Test of 8 subsequent bytes isn't translated into a single compare instruction

Motivated by this question, I compared three different functions for checking if 8 bytes pointed to by the argument are zeros (note that in the original question, characters are compared with '0', not 0):
bool f1(const char *ptr)
{
for (int i = 0; i < 8; i++)
if (ptr[i])
return false;
return true;
}
bool f2(const char *ptr)
{
bool res = true;
for (int i = 0; i < 8; i++)
res &= (ptr[i] == 0);
return res;
}
bool f3(const char *ptr)
{
static const char tmp[8]{};
return !std::memcmp(ptr, tmp, 8);
}
Though I would expect the same assembly outcome with enabled optimizations, only the memcmp version was translated into a single cmp instruction on x64. Both f1 and f2 were translated into either a winded or unwinded loop. Moreover, this holds for all GCC, Clang, and Intel compilers with -O3.
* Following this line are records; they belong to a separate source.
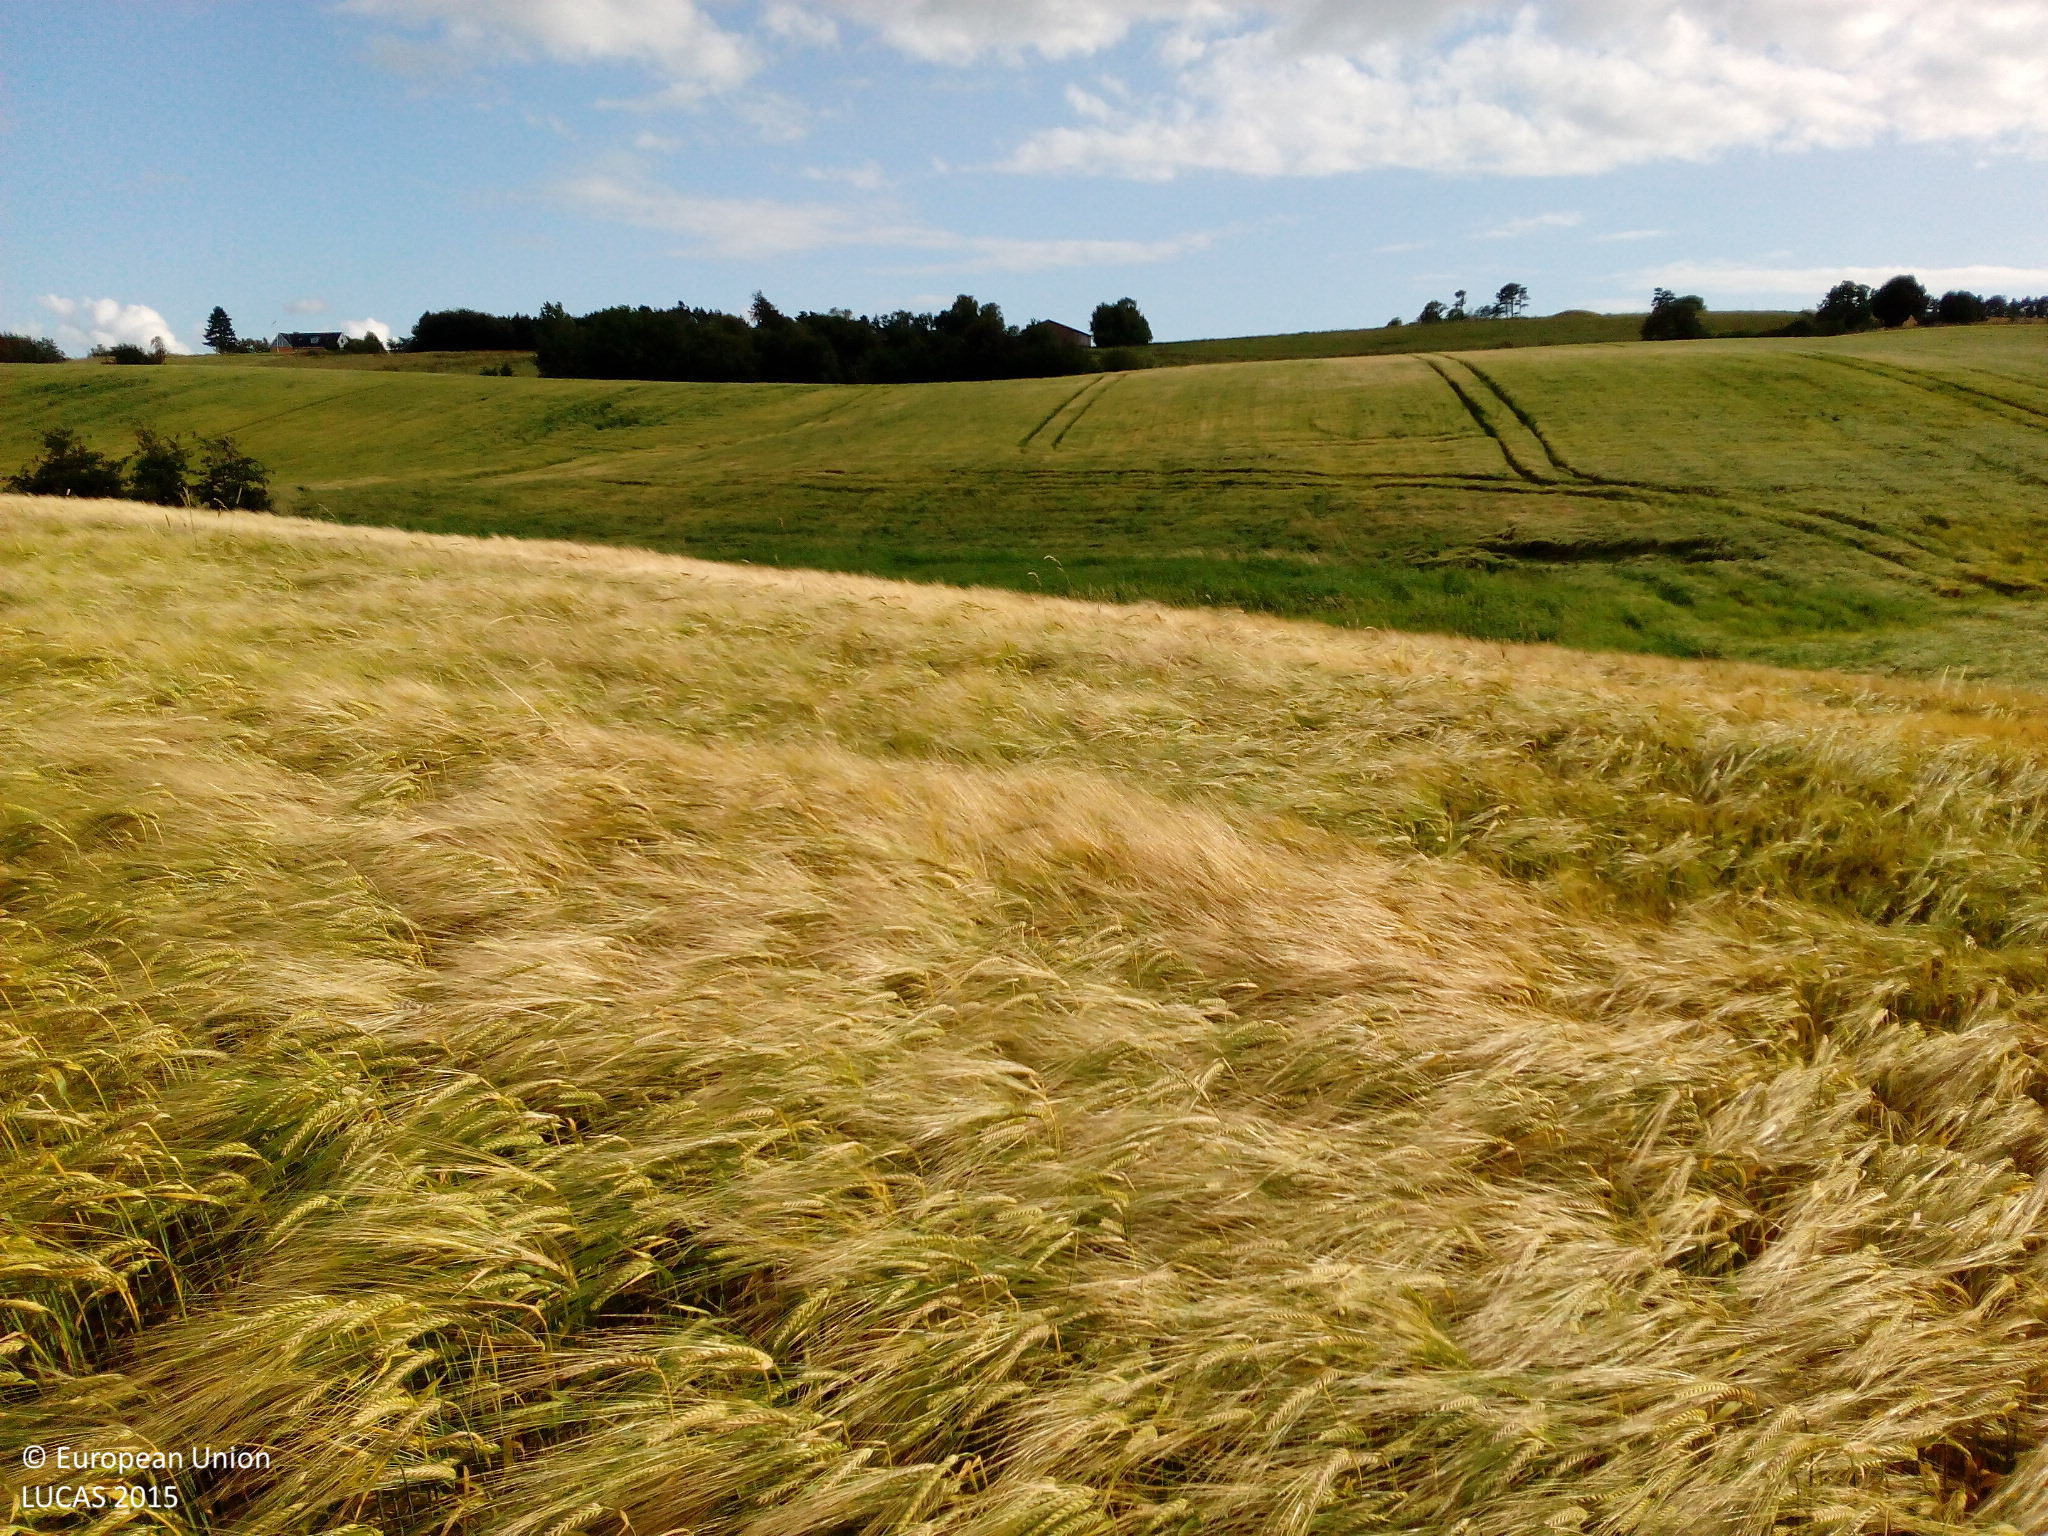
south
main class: Cropland
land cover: Barley
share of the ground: > 75 %
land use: Agriculture (excluding fallow land and kitchen gardens)
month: July
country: DK
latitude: 55.8372
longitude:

Is there any reason why f1 and f2 cannot be optimized into a single compare instruction? It seem to be a pretty straightforward optimization to me.
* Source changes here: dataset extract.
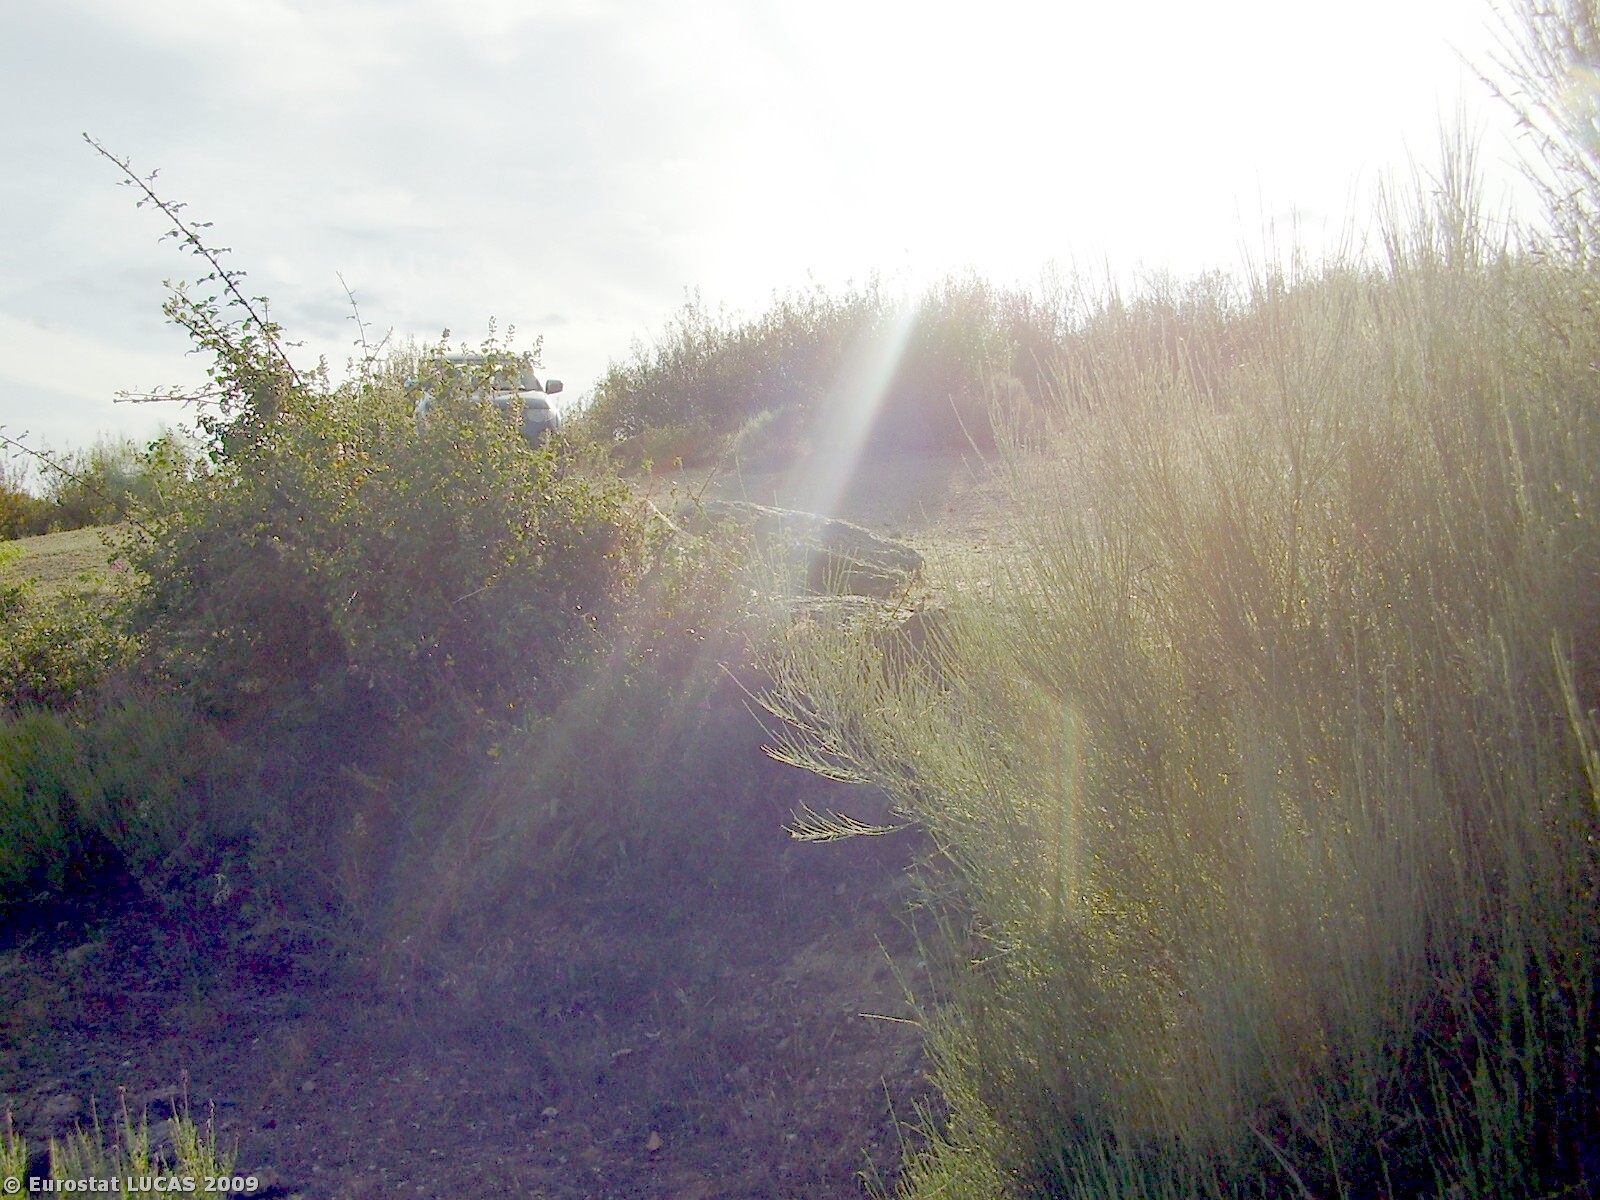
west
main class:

Live demo: https://godbolt.org/z/j48366
Is there any reason why f1 and f2 cannot be optimized into a single compare instruction (possibly with additional unaligned load)? It seem to be a pretty straightforward optimization to me.
In f1 the loop stops when ptr[i] is true, so it is not always equivalent of to consider 8 elements as it is the case with the two other functions or directly comparing a 8 bytes word if the size of the array is less than 8 (the compiler does not know the size of the array) :
f1("\000\001"); // no access out of the array
f2("\000\001"); // access out of the array
f3("\000\001"); // access out of the array
For f2 I agree that can be replaced by a 8 bytes comparison under the condition the CPU allows to read a word of 8 bytes from any address alignment which is the case of the x64 but that can introduce unusual situation as explained in Unusual situations where this wouldn't be safe in x86 asm
First of all, f1 stops reading at the first non-zero byte, so there are cases where it won't fault if you pass it a pointer to a shorter object near the end of a page, and the next page is unmapped. Unconditionally reading 8 bytes can fault in cases where f1 doesn't encounter UB, as #bruno points out. (Is it safe to read past the end of a buffer within the same page on x86 and x64?). The compiler doesn't know that you're never going to use it this way; it has to make code that works for every possible non-UB case for any hypothetical caller.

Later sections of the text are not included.